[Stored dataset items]
┄┄┄┄┄┄┄┄┄┄

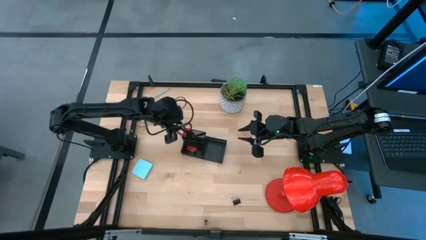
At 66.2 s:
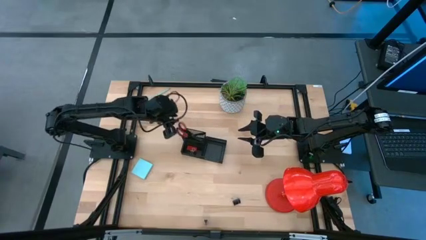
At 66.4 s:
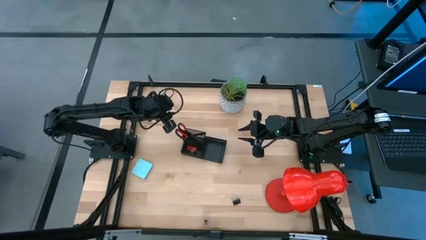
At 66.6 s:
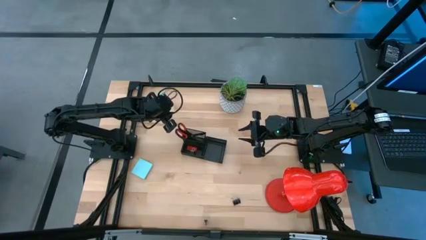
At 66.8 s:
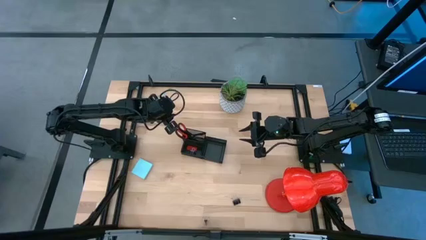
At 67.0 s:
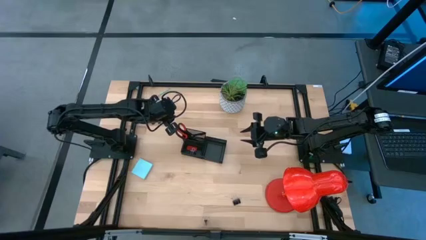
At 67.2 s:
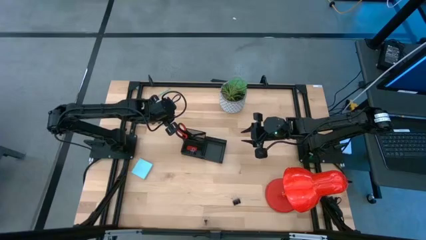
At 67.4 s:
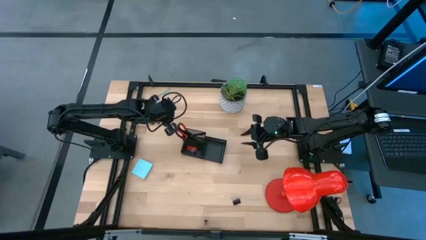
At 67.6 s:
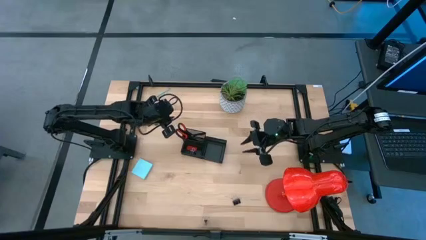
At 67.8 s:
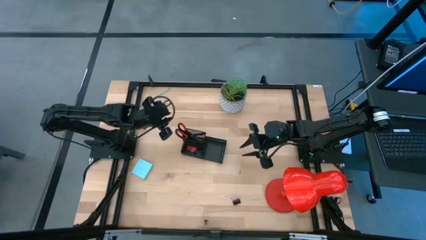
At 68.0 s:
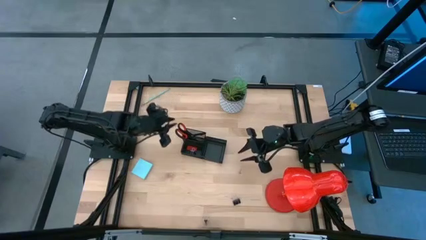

┄┄┄┄┄┄┄┄┄┄

Without the pictures, copy all of the entries exactly as they appear.

At 66.2 s:
At 66.4 s:
At 66.6 s:
At 66.8 s:
At 67.0 s:
At 67.2 s:
At 67.4 s:
At 67.6 s:
At 67.8 s:
At 68.0 s:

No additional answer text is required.